I lived in Darwin in the Northern Territory, Australia for seven years prior to moving to Canada.
When I first moved to Darwin I lived in an old fibro cement one bedroom shack next to my brothers workshop on Harvey Street.
This was a semi industrial park that was off the beaten track adjacent to the city, but not in the nice part of town if you know what I mean…
I lived across the road from the large oil tanks that supplied the harbour and its shipping needs. Darwin is Australia’s northern most port and the closest port to Asia.
During WWII, Darwin was on Australia’s front line and on February 19th, 1942 Darwin was bombed for the first time.
In the initial raids 242 planes flew from the same aircraft carriers that had attacked Pearl Harbour in December 1941 to bomb the town and harbour.
The Japanese had recently attacked and conquered the Dutch East Indies. From here they established airbases from which to attack Australia on a regular basis.
The closest airbases were now a mere 829 kms north of Darwin…and easy flying distance, especially since Australia has virtually no air force to speak of in the region.
Now I’m sure that you’re enjoying the history lesson, but so what you ask?
Shortly after moving into my residence on Harvey Street it was clear that it required a considerable clean up both inside and outside.
The house and yard had been neglected for many years and therefore rather primitive to say the least.
Out back was a huge banyan tree that must have been at least 100 years old with roots and vines dangling from it’s massive branches all the way to the ground.
The back yard were completely covered in jungle vines and vegetation from years of total neglect. The detritus from the trees and the adjacent old workshops was something to behold…
Working in a pair of shorts, boots and hat I used a machete to begin clearing the yard of scrub.
Fortunately I was under the shade of the banyan tree but it was incredibly hot with the sweat running off me in rivulets from every pore of my body.
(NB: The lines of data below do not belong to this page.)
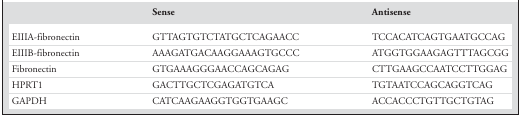
|  | Sense | Antisense |
 | --- | --- | --- |
 | EIIIA‐fibronectin | GTTAGTGTCTATGCTCAGAACC | TCCACATCAGTGAATGCCAG |
 | EIIIB‐fibronectin | AAAGATGACAAGGAAAGTGCCC | ATGGTGGAAGAGTTTAGCGG |
 | Fibronectin | GTGAAAGGGAACCAGCAGAG | CTTGAAGCCAATCCTTGGAG |
 | HPRT1 | GACTTGCTCGAGATGTCA | TGTAATCCAGCAGGTCAG |
 | GAPDH | CATCAAGAAGGTGGTGAAGC | ACCACCCTGTTGCTGTAG |
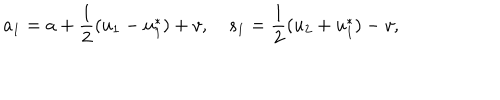
LaTeX: a _ { 1 } = a + \frac { 1 } { 2 } ( u _ { 1 } - u _ { 1 } ^ { * } ) + v , \quad s _ { 1 } = \frac { 1 } { 2 } ( u _ { 2 } + u _ { 1 } ^ { * } ) - v ,
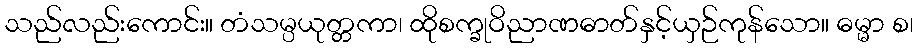
သည်လည်းကောင်း။ တံသမ္ပယုတ္တကာ၊ ထိုစက္ခုဝိညာဏဓာတ်နှင့်ယှဉ်ကုန်သော။ ဓမ္မာ စ၊
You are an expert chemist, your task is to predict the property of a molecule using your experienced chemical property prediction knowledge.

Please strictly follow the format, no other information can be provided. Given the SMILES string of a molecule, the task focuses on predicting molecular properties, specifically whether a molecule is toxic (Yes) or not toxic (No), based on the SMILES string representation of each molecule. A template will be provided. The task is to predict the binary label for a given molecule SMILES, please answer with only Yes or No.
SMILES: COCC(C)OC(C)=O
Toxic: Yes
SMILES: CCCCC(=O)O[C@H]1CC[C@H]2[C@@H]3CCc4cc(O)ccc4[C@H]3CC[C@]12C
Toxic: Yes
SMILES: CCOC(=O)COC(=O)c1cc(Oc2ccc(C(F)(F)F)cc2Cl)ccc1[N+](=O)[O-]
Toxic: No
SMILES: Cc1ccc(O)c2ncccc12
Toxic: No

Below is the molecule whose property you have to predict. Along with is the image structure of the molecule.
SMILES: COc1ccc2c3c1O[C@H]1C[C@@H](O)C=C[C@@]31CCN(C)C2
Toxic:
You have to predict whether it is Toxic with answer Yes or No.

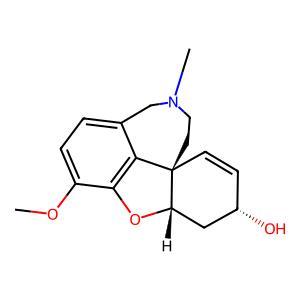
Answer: No
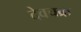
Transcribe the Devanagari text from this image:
देवचक्र
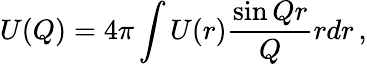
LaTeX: U(Q)=4\pi\int U(r)\frac{\sin Qr}{Q}rdr\, ,
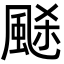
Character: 𩗉
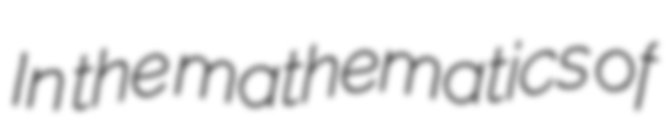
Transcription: In the mathematics of
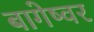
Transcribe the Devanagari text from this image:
बागेष्वर
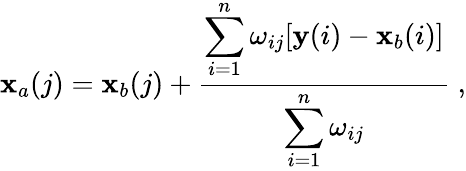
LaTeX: {\mathbf x}_{a}(j)={\mathbf x}_{b}(j)+\frac{\displaystyle\sum_{i=1}^{n}\omega_{ij}[{\mathbf y}(i)-{\mathbf x}_{b}(i)]}{\displaystyle\sum_{i=1}^{n}\omega_{ij}}\; ,
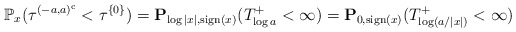
\begin{align*}\mathbb{P}_x(\tau^{(-a,a)^{{\rm c}}}<\tau^{\{0\}}) = \mathbf{P}_{\log|x|, {\rm sign}(x)}(T^+_{\log a}<\infty) = \mathbf{P}_{0, {\rm sign}(x)}(T^+_{\log (a/|x|)}<\infty)\end{align*}
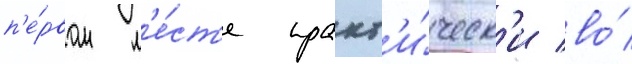
п'е́рвом м'е́ст'е практ'и́ческ'и во́
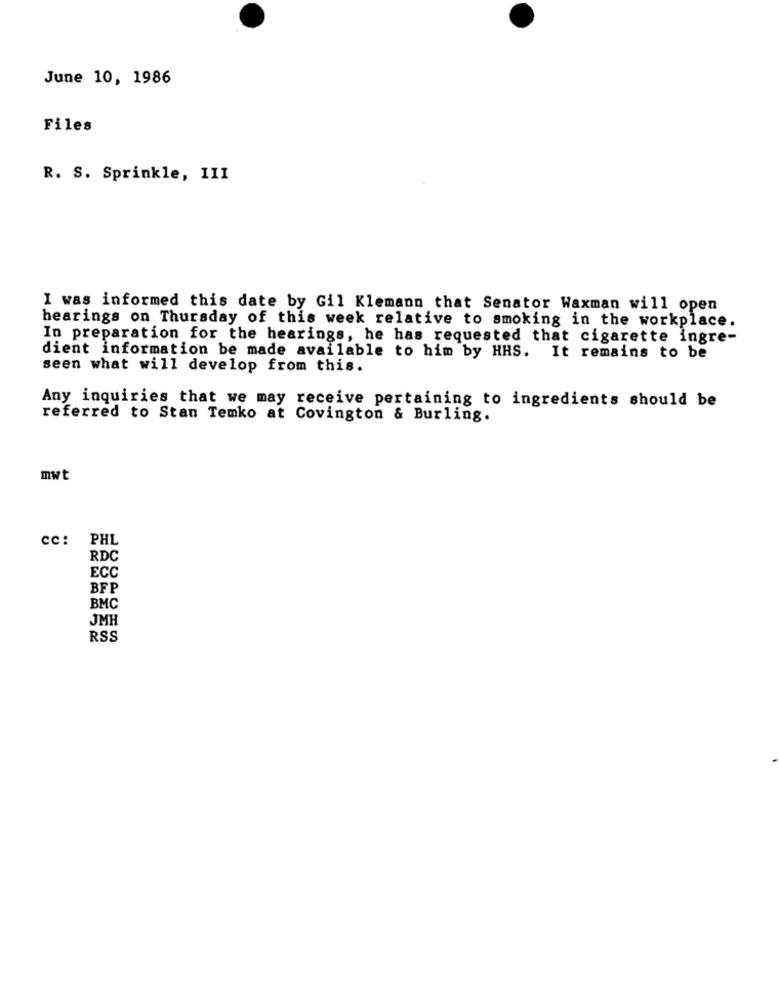
June 10, 1986
Files
R. S. Sprinkle, III
I was informed this date by Gil Klemann that Senator Waxman will open
hearings on Thursday of this week relative to smoking in the workplace.
In preparation for the hearings, he has requested that cigarette ingre-
dient information be made available to him by HHS. It remains to be
seen what will develop from this.
Any inquiries that we may receive pertaining to ingredients should be
referred to Stan Temko at Covington & Burling.
mwt
CC: PHL
RDC
ECC
BFP
BMC
JMH
RSS

Your brain felt like it was boiling in my skull it was so hot!
My work was slow progress, all the while keeping a sharp eye out for rats, and snakes and other creepy crawlies as you must in this part of the world! 🙂
As I neared the base of the tree I was hacking close to ground level with my machete when something caught my eye…
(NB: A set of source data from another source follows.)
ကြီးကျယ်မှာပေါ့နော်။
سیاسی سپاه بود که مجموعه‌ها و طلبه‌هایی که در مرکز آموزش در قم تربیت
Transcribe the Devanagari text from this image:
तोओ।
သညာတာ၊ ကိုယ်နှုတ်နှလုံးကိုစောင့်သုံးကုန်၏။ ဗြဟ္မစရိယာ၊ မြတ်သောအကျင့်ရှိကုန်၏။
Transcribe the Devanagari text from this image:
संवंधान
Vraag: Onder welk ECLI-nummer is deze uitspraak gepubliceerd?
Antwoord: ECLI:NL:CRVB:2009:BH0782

After clearing everything away I reached down and uncovered a partly submerged piece of metal from the damp ground. Not unusual you’d think until I wiped it off and discovered that it was a spent bullet.
This got me curious! 🙂
After a little research I confirmed that the bullet was in fact of the same caliber (7.7 mm) projectile which was the used by the Japanese zero fighter.
Given the proximity to the oil tanks and harbour for which my part of town had been a serious targeted during the 64 air raids carried out during WWII.
In fact, based on my research I’m able to narrow it down to one of two raids on Darwin during the war where this part of town was the important target.
The first raid occurred on February 19, 1942 when the harbour was first bombed. Although the primary target were the ships in the harbour two hundred and forty people were also killed in and around the town and aerodrome.
They were also successful in sinking six ships including the USS Peary and a further seven badly damaged.
However, the most likely raid in which the bullet may have been fired was during the 11th raid that occurred on April 2nd. This raid specifically targeted the oil tanks and depot in Frogs Hollow and tried to put them out of action.
Yep…literally across the road from my place 🙂
Coincidence…I think not!
I must admit for a history buff to find a little piece of it in my back yard was pretty amazing.
The one final thing that occurred prior to finishing clearing the bush was that the following week as I neared the completion of my task I had a rather nasty accident.
As I pulled on a large vine I swung the machete but instead of cleaving the vine, it ran down the hardened vine and sliced into my left middle knuckle all the way to the bone.
Painful is not the word I would have used to describe the pain…
Blood began pouring from the gaping wound with the bone visible, dropping the machete I ran up the back stairs to grab a towel. I ran the wound under water but it was too deep to stem the flow of blood.
My brother Laurie, who was working at the workshop next door took me to the hospital where I required five stitches to close the deep cut…along with another tetanus shot. 🙂
You can’t even imagine how many tetanus shots I’ve had over the years as I’ve seemed to have more than my fair share of nasty cuts and wounds. 🙂
Still, the best part of the story, other than my significant scare is the bullet which I still have with me to this day.
It’s a pretty cool reminder of my time in Darwin and the history that goes with it.